Daily Archives: 17 February 2018

Overland 229

Jacinda Woodhead (editor), Overland 229 (Summer 2017)

overland229

My blog post about Overland 228 ended with a lament that I had lost my copy before I could finish reading it. To my surprise and delight, a couple of days after my blog post went up, I received a replacement copy in the mail with a friendly note from Jacinda Woodhead. I don’t know what pleased me more, the kindness of the gift or the fact that someone on Overland‘s staff had read my post all the way through. (I realise just now that I didn’t write to thank her. Better late than never: Thank you, Jacinda, especially for the chance to read Jennifer Mills’ conversation with Peter Carey.)

There’s lots of good stuff in issue 229, but I’m travelling and have to be brief.
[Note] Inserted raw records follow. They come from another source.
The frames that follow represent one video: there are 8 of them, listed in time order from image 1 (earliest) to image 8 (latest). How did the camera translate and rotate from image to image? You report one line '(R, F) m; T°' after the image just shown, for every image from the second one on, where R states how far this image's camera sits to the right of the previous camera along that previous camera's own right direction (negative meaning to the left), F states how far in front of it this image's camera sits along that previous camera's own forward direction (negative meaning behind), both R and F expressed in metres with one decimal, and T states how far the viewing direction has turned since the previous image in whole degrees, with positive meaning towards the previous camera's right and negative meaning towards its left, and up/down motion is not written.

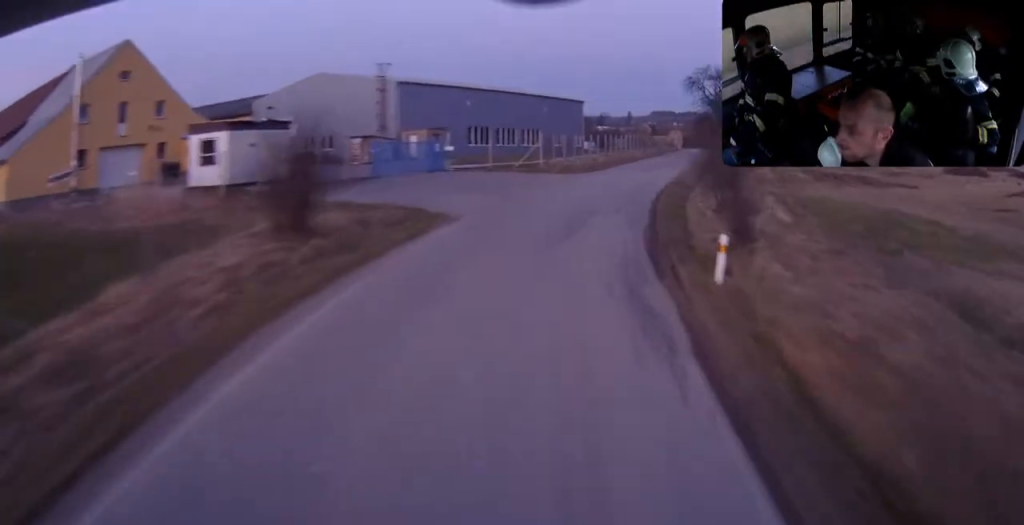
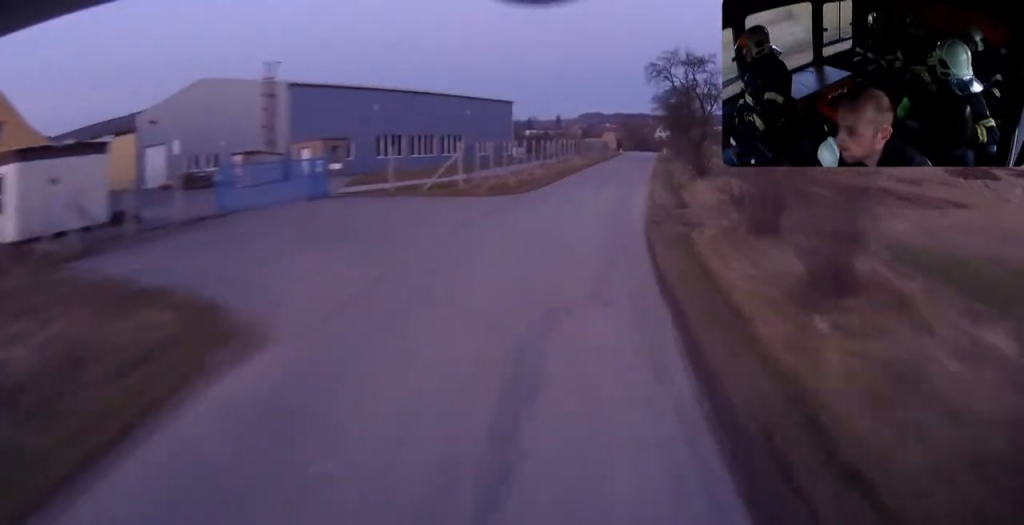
(+0.3, +12.0) m; +4°
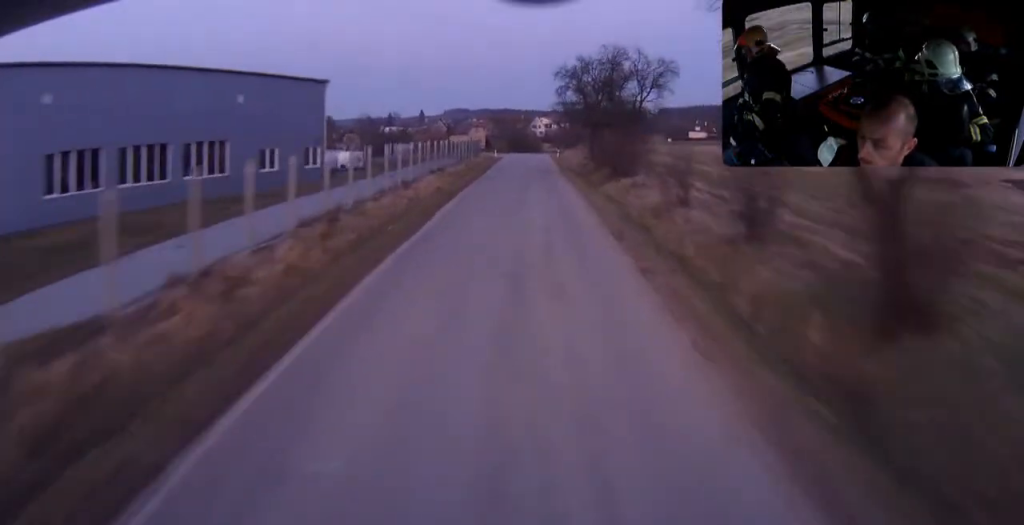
(+3.2, +32.3) m; +7°
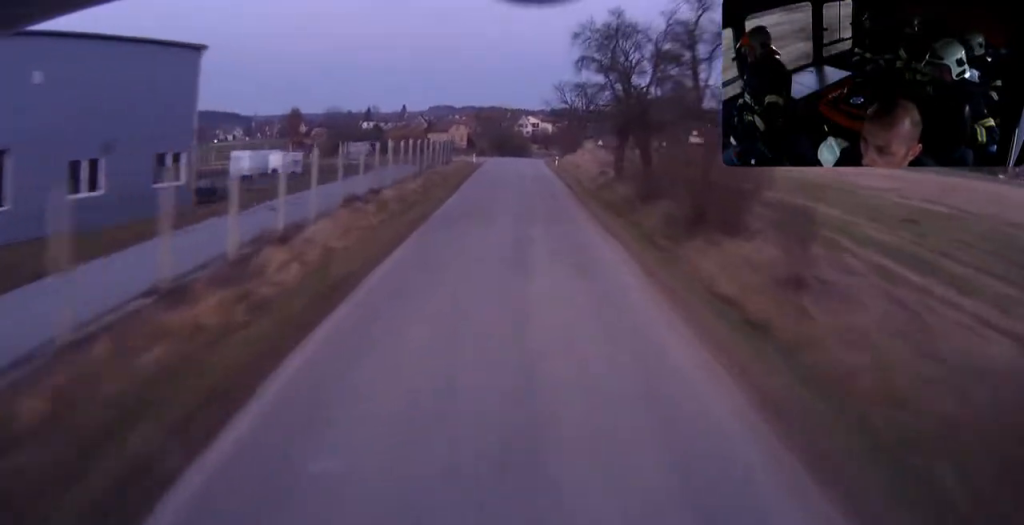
(-0.1, +20.0) m; 0°
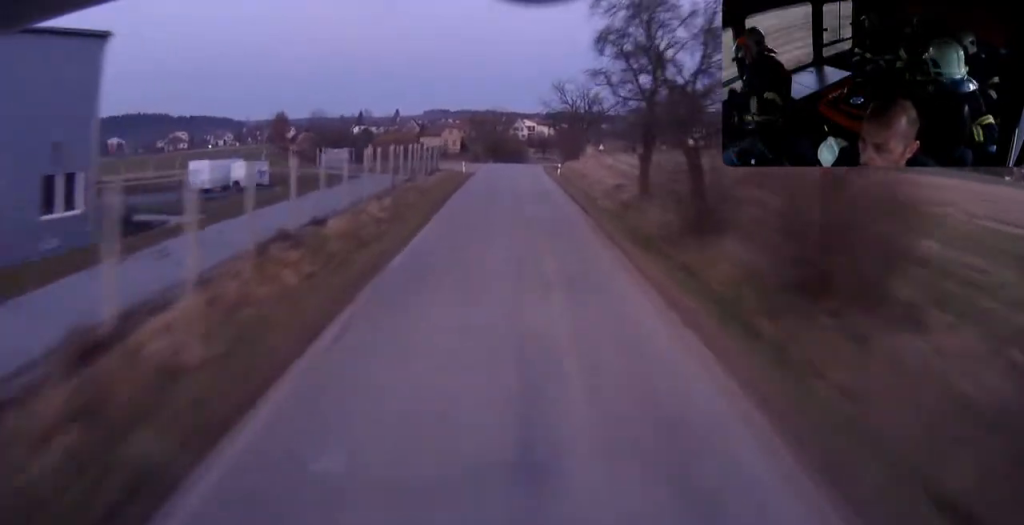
(0.0, +8.2) m; 0°
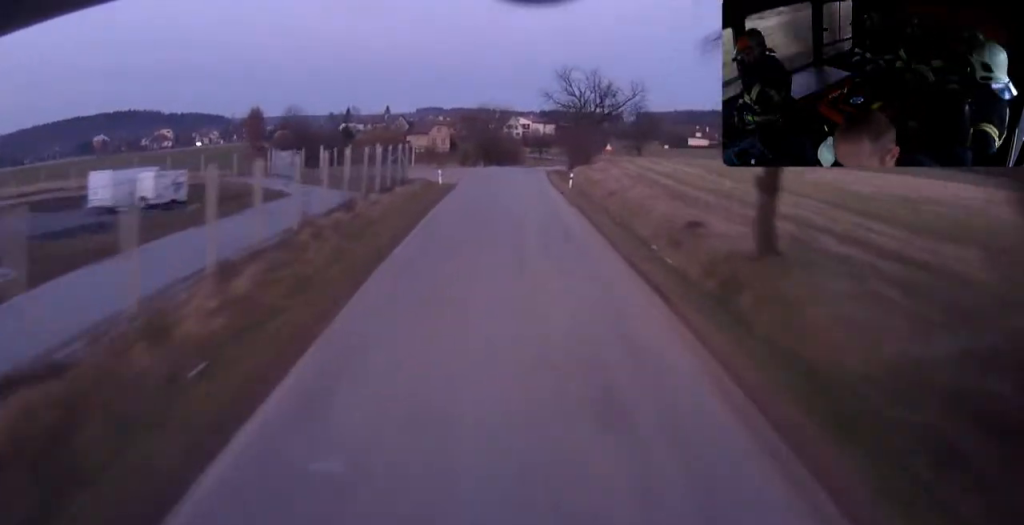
(+0.1, +15.1) m; +1°
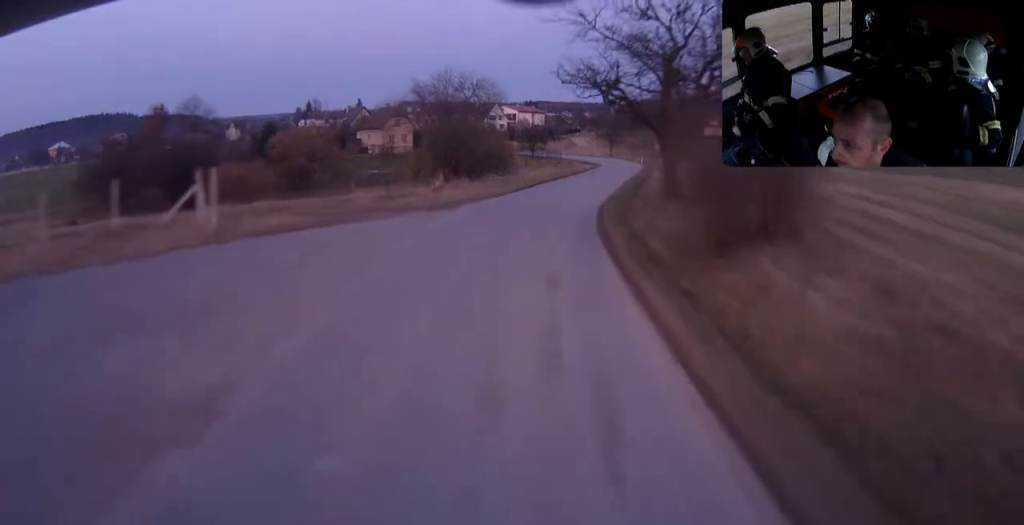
(+1.2, +42.3) m; +3°
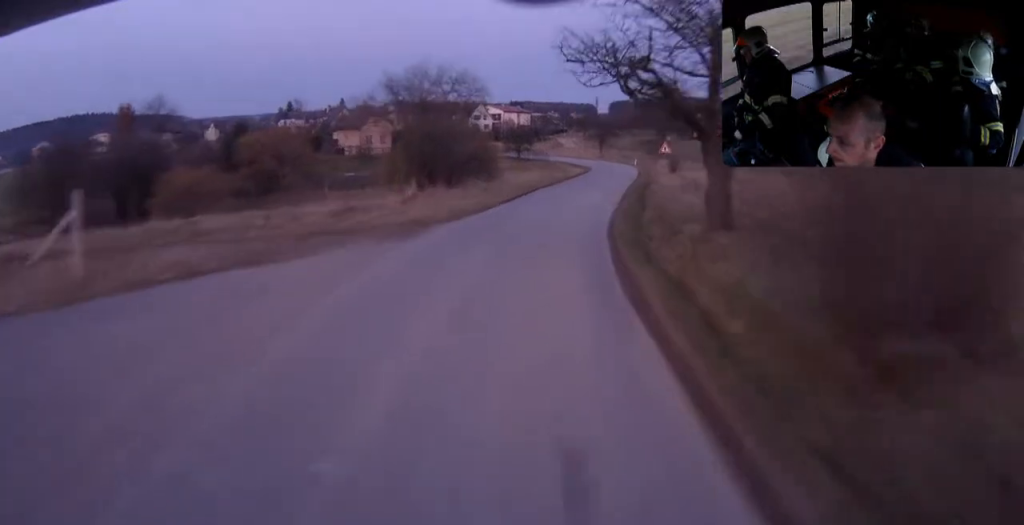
(-0.1, +7.5) m; +1°
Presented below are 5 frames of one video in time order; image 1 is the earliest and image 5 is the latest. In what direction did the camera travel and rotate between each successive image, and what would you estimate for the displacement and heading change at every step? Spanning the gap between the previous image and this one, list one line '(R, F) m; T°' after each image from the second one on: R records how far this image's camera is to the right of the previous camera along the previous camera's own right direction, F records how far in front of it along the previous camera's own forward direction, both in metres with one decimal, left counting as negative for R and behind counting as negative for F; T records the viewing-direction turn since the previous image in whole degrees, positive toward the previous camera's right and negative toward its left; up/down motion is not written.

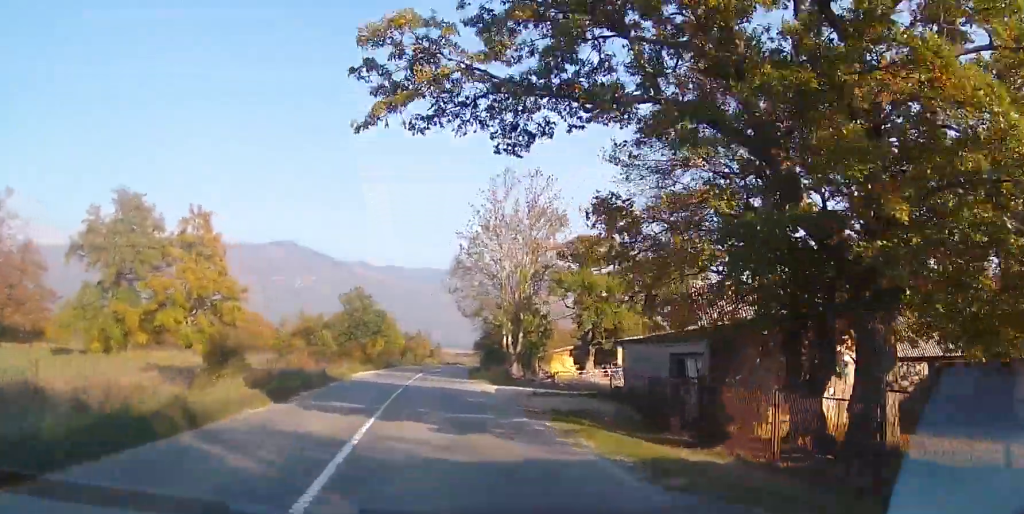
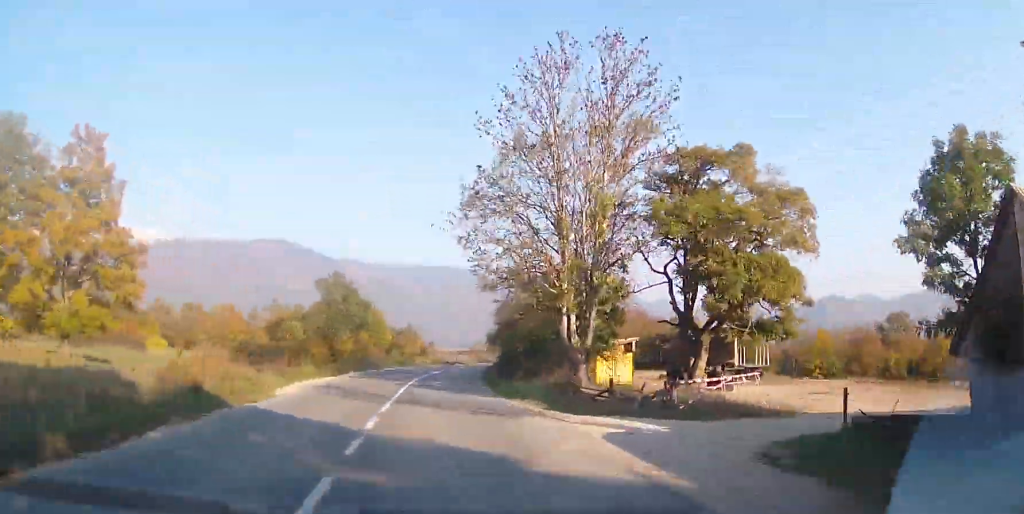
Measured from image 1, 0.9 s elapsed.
(0.0, +18.2) m; +1°
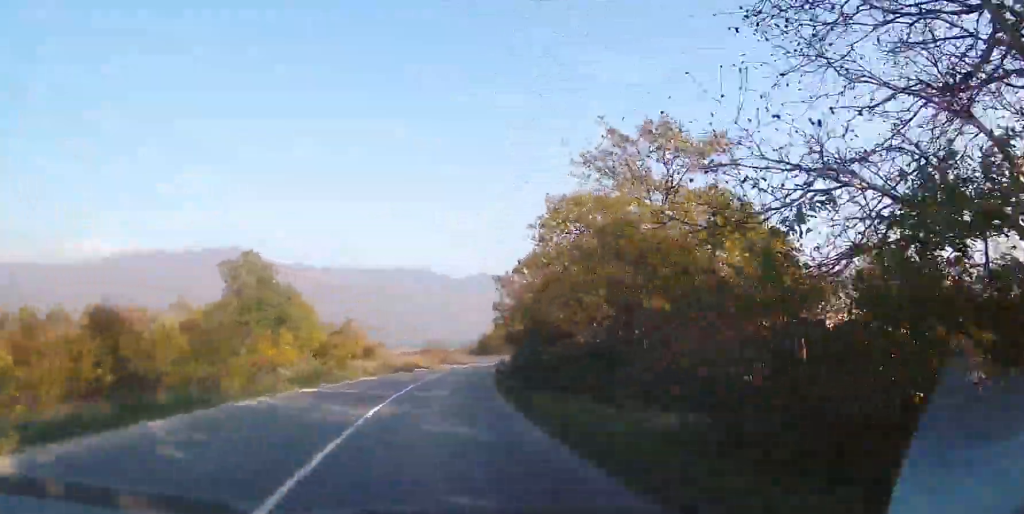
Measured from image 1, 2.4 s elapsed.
(+1.1, +29.4) m; +5°
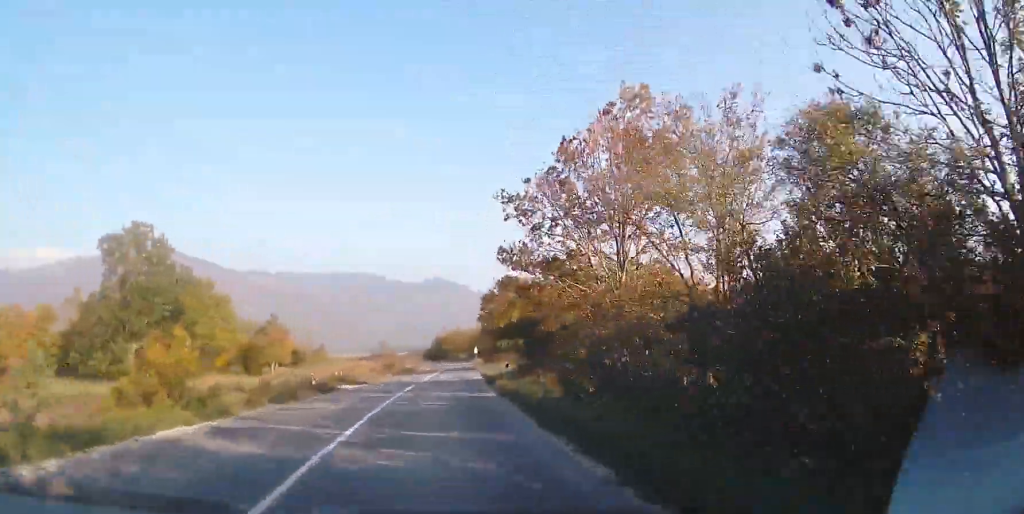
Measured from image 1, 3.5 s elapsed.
(+0.5, +21.4) m; +4°
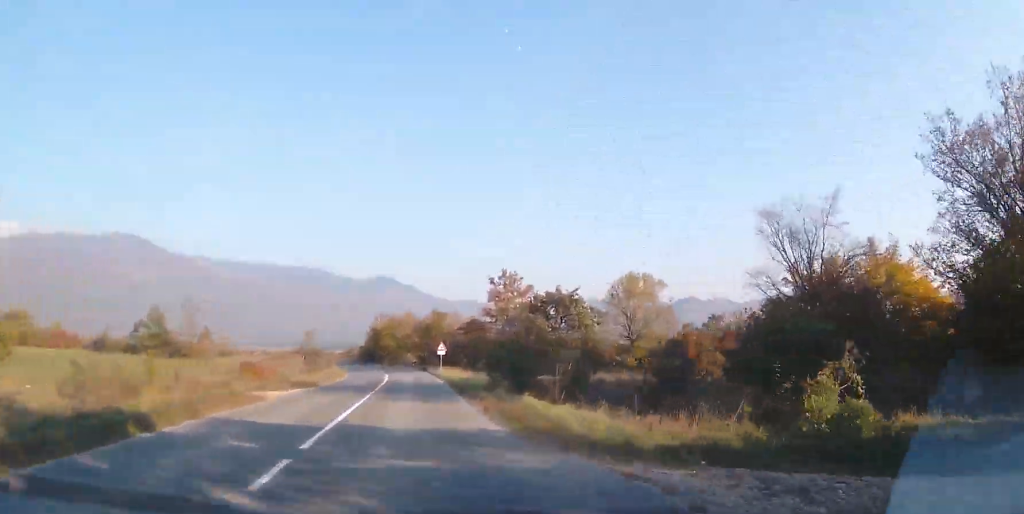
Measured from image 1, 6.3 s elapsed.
(+4.2, +54.9) m; +5°
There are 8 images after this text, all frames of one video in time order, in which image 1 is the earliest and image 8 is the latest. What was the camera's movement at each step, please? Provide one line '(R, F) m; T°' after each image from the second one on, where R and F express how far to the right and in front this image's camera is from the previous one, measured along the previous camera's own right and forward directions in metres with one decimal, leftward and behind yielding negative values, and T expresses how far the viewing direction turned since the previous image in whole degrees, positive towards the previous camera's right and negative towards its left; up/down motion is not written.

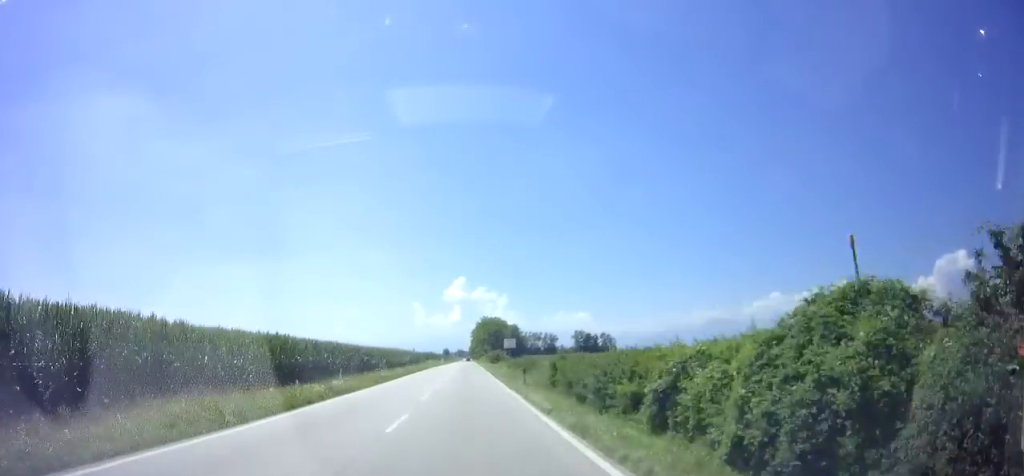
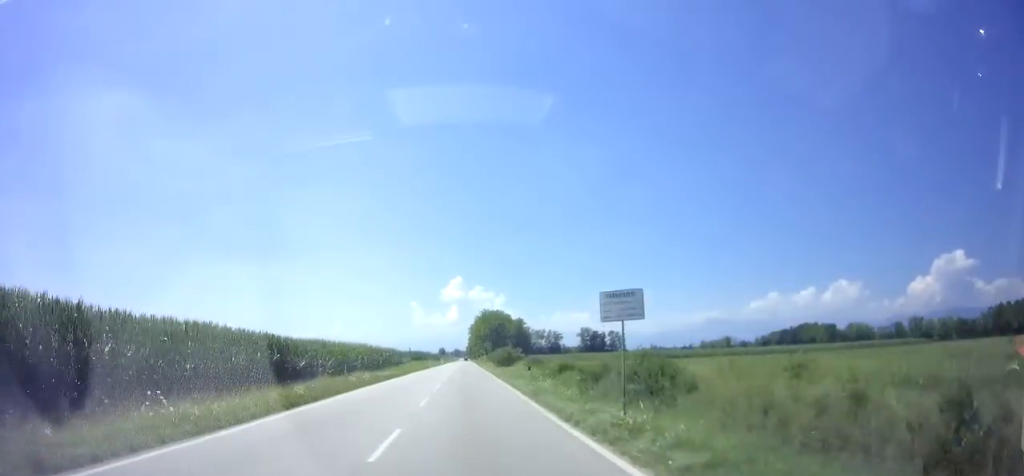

So here’s a list of things I found particularly wonderful:

  •  ‘Indefatigable Wings‘ by Allan Drew, which argues the case for the continuing influence John Milton, of Paradise Lost fame. The argument doesn’t completely convince, but it’s refreshing.
  • Napalm, guns & underwear‘, in which Aotaroan / New Zealander Michalia Arathimos tells the story of her Maori environmental activist partner’s arrest (and subsequently release) on terrorism charges. It’s a tale of dangerous absurdity.
  • Sleeping the deep, deep sleep‘ by Dean Biron and Suzie Gibson, an essay about the state of the world which begins with the photograph of the Earth taken from Apollo 17 in 1972 and ends with Voyager I’s 1990 photograph. Carl Sagan’s description of the latter photograph as showing ‘a tiny blue dot suspended in a sunbeam’ takes on tragic resonances. (I also liked the phrase ‘rouge states’, which may have been an original typo or, I hope, a typo quoted from the Spectator.
  • On sovereignty‘, a column by Tony Birch spelling out the epochal implications of the Turnbull cabinet’s summary rejection of the Uluru Statement from the Heart.

Every edition of  Overland includes the results of at least one writing competition. (Long may the practice continue!) This issue has the third Fair Australia Prize, sponsored by the NUW in partnership with the MEAA and the NTEU: a poem, a short fiction, an essay and a cartoon. The Member Winner, ‘Beyond the Bridge to Nowhere‘ by Michael Dulaney, an essay about lead pollution in a South Australian town, is among the outstanding pieces in a generally excellent issue.